Wherever a picture appears, skip it and retype the rest of the data exactly.

[[ STORED DATA, beginning ]]

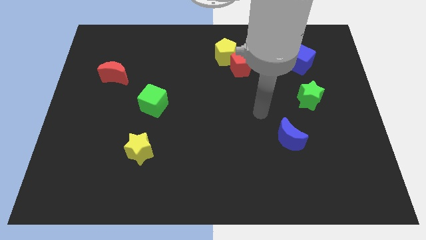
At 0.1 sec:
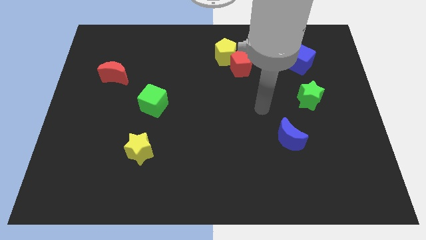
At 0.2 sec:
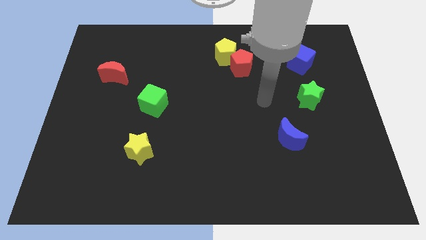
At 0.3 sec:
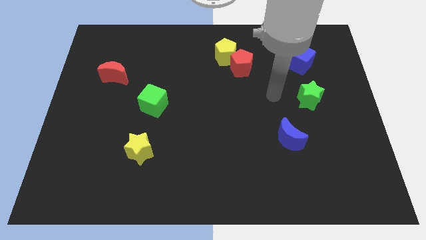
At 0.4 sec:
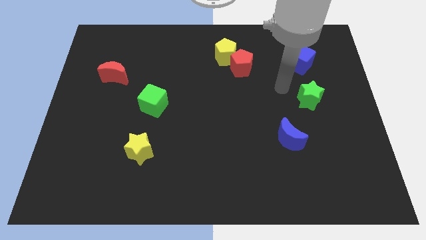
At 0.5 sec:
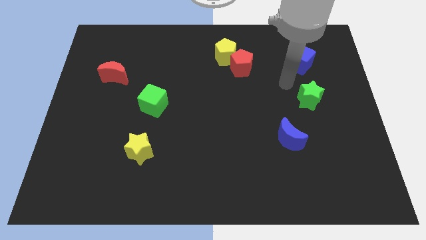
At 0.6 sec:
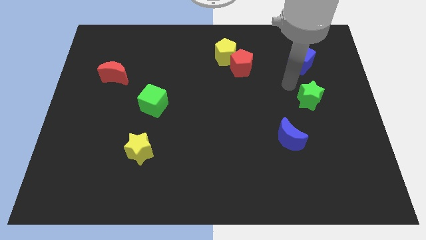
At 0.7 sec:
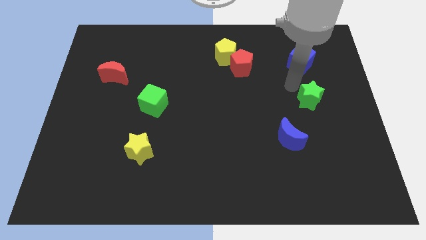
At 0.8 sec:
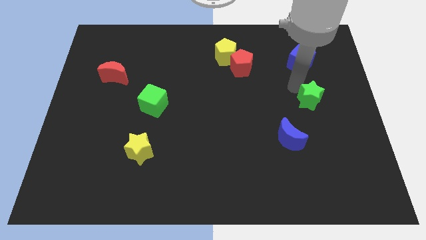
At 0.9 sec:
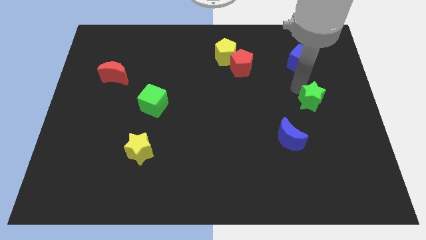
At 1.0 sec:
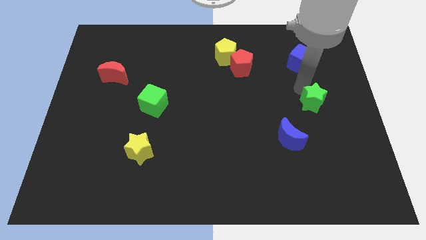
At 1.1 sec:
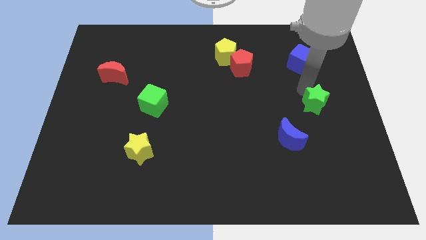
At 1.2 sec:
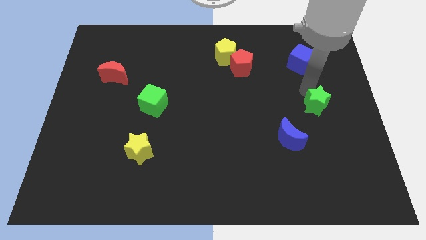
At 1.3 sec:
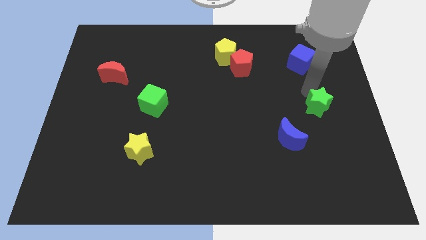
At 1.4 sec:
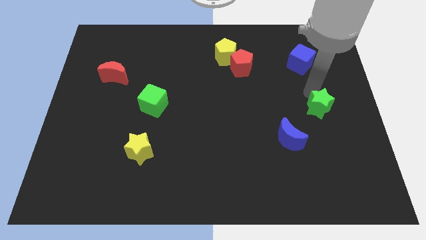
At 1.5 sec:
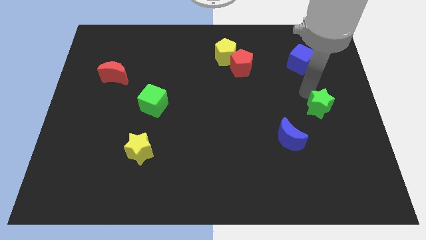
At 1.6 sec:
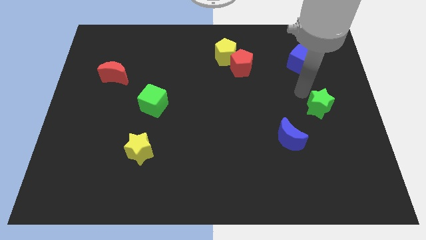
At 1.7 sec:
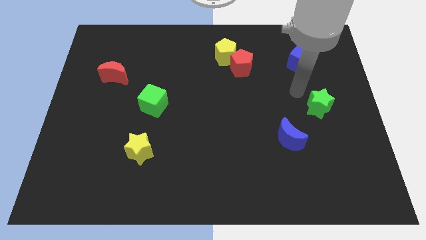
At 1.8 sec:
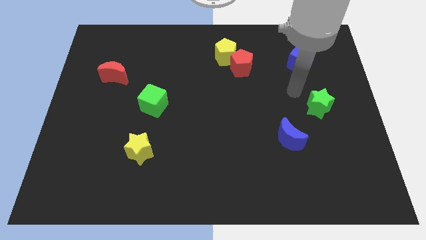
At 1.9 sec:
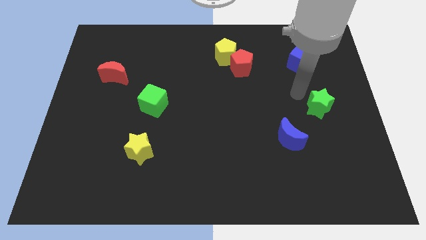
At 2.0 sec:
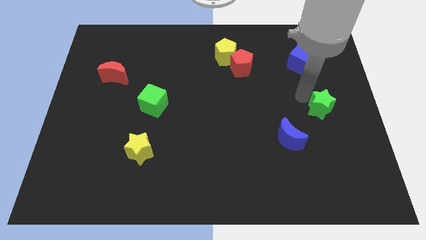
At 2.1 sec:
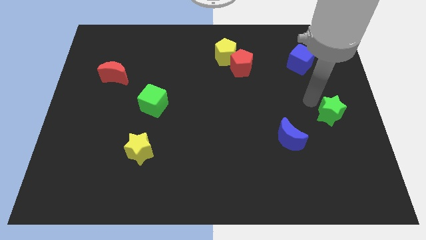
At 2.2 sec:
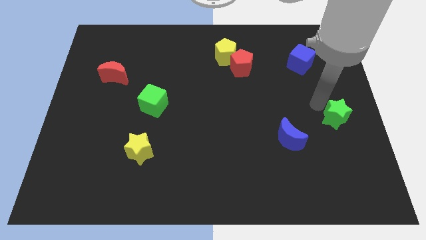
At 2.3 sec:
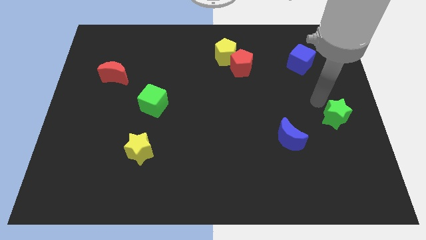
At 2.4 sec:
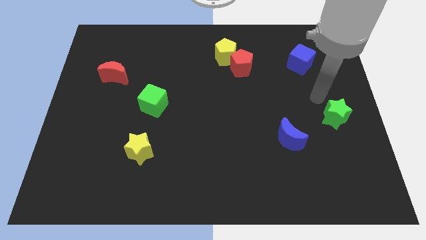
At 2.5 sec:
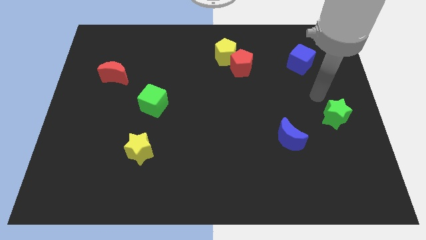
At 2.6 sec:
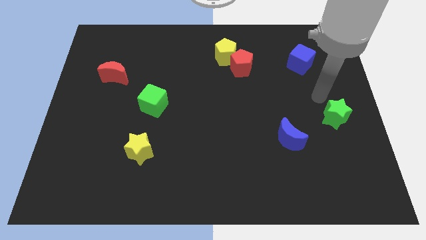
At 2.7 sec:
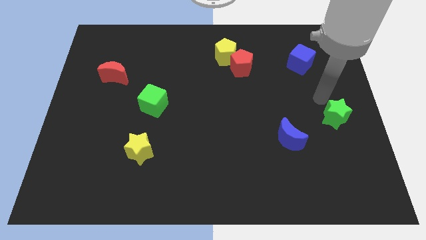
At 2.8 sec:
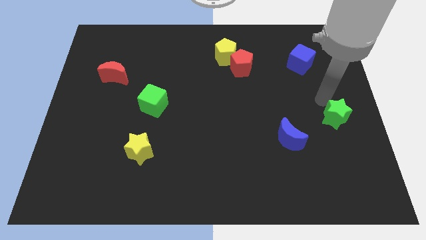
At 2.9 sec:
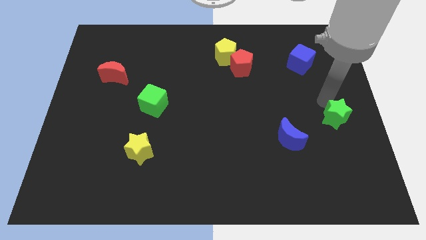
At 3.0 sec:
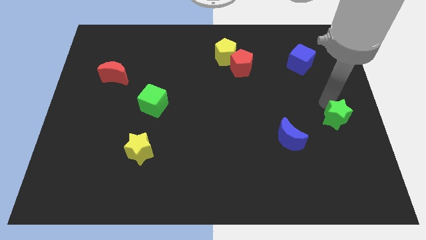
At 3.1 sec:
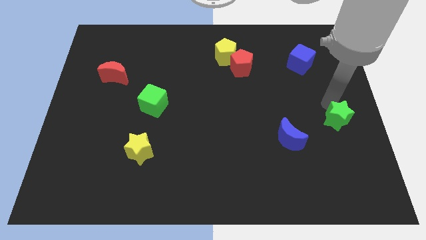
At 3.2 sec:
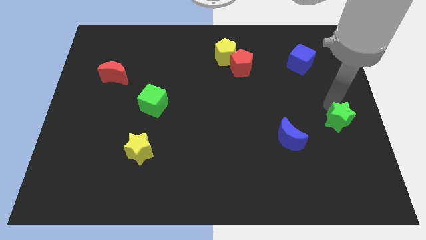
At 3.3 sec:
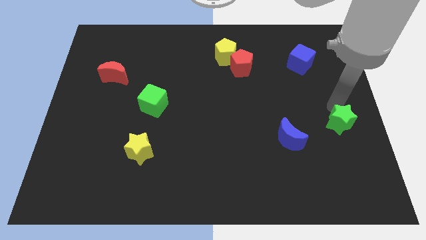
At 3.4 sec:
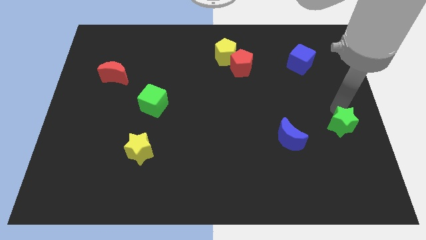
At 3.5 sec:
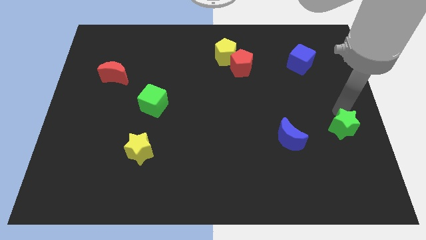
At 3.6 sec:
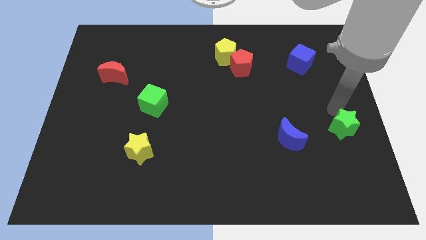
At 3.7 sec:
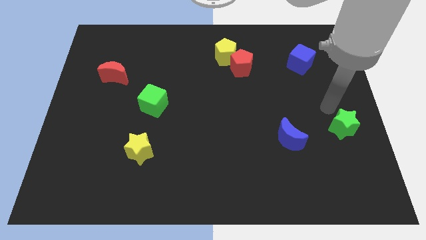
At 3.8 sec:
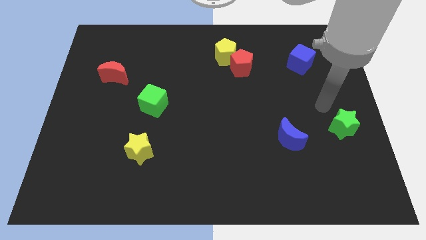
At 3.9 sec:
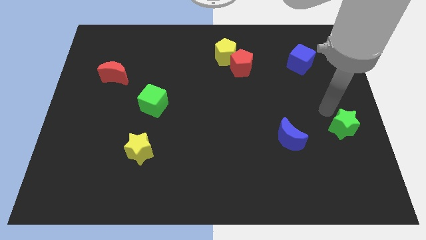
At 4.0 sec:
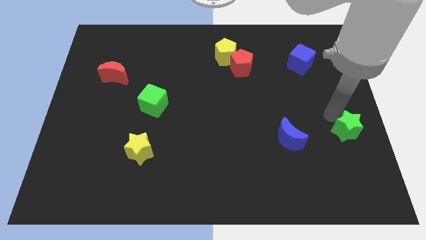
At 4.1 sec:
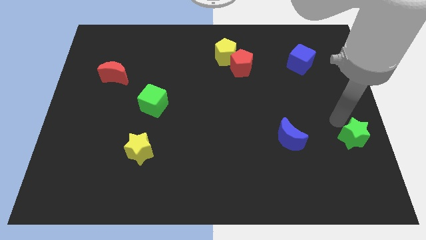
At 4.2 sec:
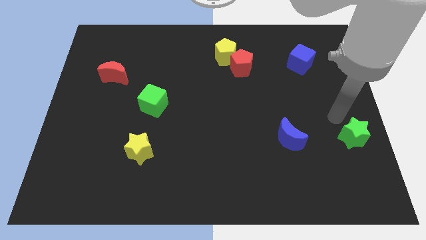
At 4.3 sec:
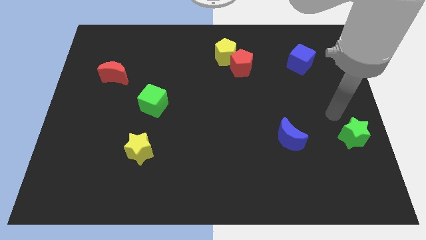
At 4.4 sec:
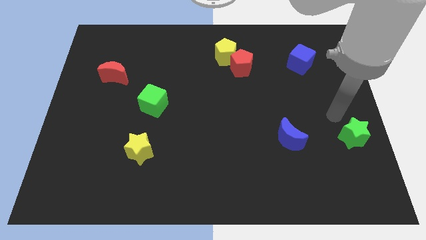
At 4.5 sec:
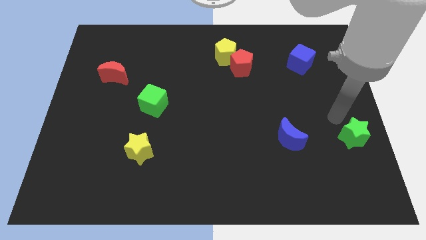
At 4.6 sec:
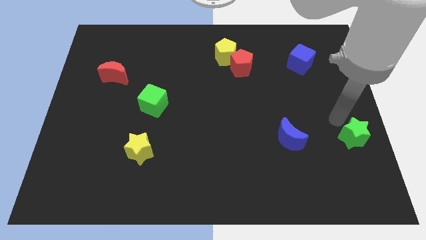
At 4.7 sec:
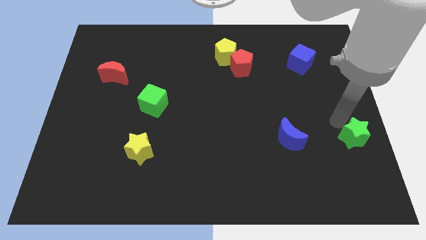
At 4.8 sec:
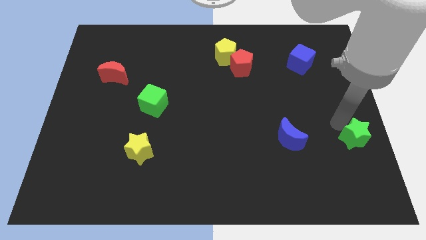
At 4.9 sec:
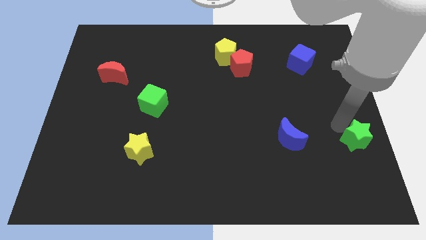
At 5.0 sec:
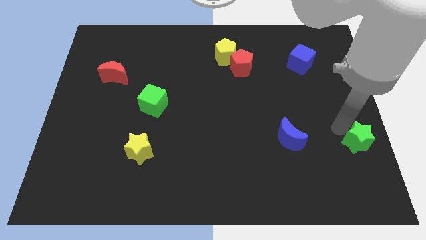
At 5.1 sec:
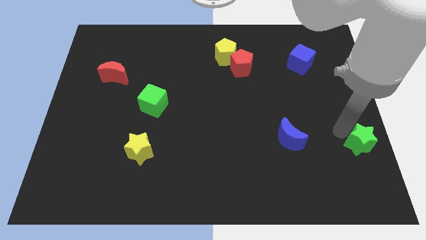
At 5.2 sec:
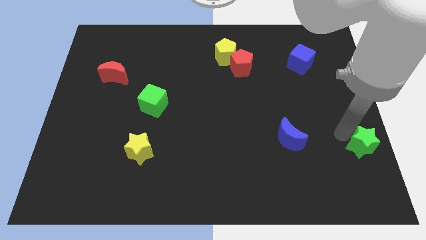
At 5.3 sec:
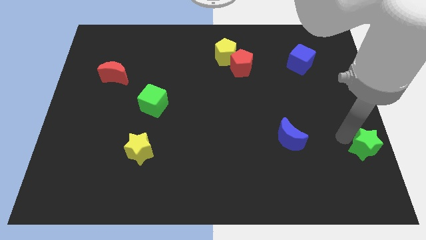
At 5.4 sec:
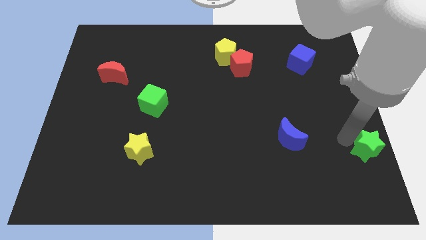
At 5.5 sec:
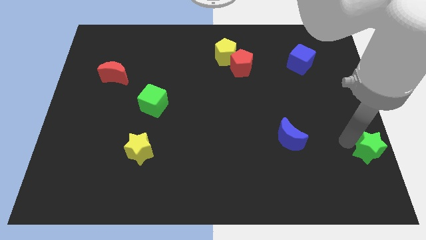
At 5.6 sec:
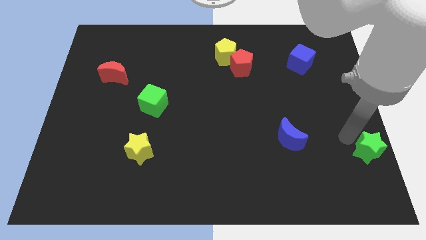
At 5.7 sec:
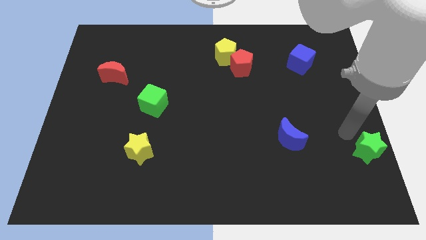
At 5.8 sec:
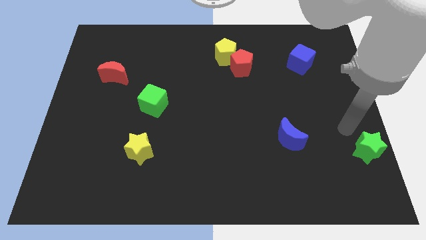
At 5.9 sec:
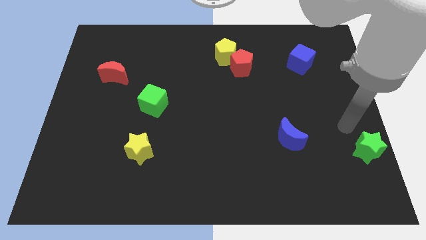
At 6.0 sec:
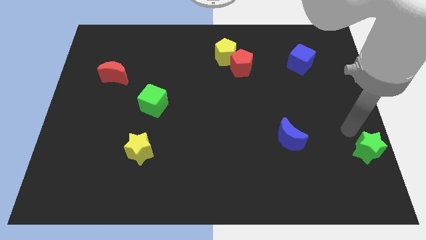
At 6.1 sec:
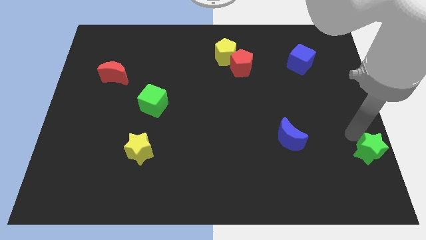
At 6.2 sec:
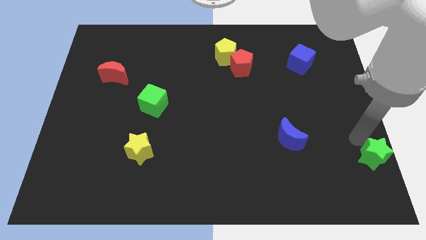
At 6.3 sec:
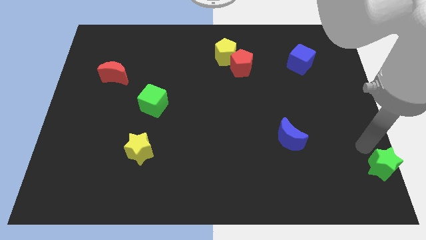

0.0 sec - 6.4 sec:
slide the green star to the bottom right corner

[[ STORED DATA, end ]]

TASK OUTPUT »
At 0.1 sec:
At 0.2 sec:
At 0.3 sec:
At 0.4 sec:
At 0.5 sec:
At 0.6 sec:
At 0.7 sec:
At 0.8 sec:
At 0.9 sec:
At 1.0 sec:
At 1.1 sec:
At 1.2 sec:
At 1.3 sec:
At 1.4 sec:
At 1.5 sec:
At 1.6 sec:
At 1.7 sec:
At 1.8 sec:
At 1.9 sec:
At 2.0 sec:
At 2.1 sec:
At 2.2 sec:
At 2.3 sec:
At 2.4 sec:
At 2.5 sec:
At 2.6 sec:
At 2.7 sec:
At 2.8 sec:
At 2.9 sec:
At 3.0 sec:
At 3.1 sec:
At 3.2 sec:
At 3.3 sec:
At 3.4 sec:
At 3.5 sec:
At 3.6 sec:
At 3.7 sec:
At 3.8 sec:
At 3.9 sec:
At 4.0 sec:
At 4.1 sec:
At 4.2 sec:
At 4.3 sec:
At 4.4 sec:
At 4.5 sec:
At 4.6 sec:
At 4.7 sec:
At 4.8 sec:
At 4.9 sec:
At 5.0 sec:
At 5.1 sec:
At 5.2 sec:
At 5.3 sec:
At 5.4 sec:
At 5.5 sec:
At 5.6 sec:
At 5.7 sec:
At 5.8 sec:
At 5.9 sec:
At 6.0 sec:
At 6.1 sec:
At 6.2 sec:
At 6.3 sec:

0.0 sec - 6.4 sec:
slide the green star to the bottom right corner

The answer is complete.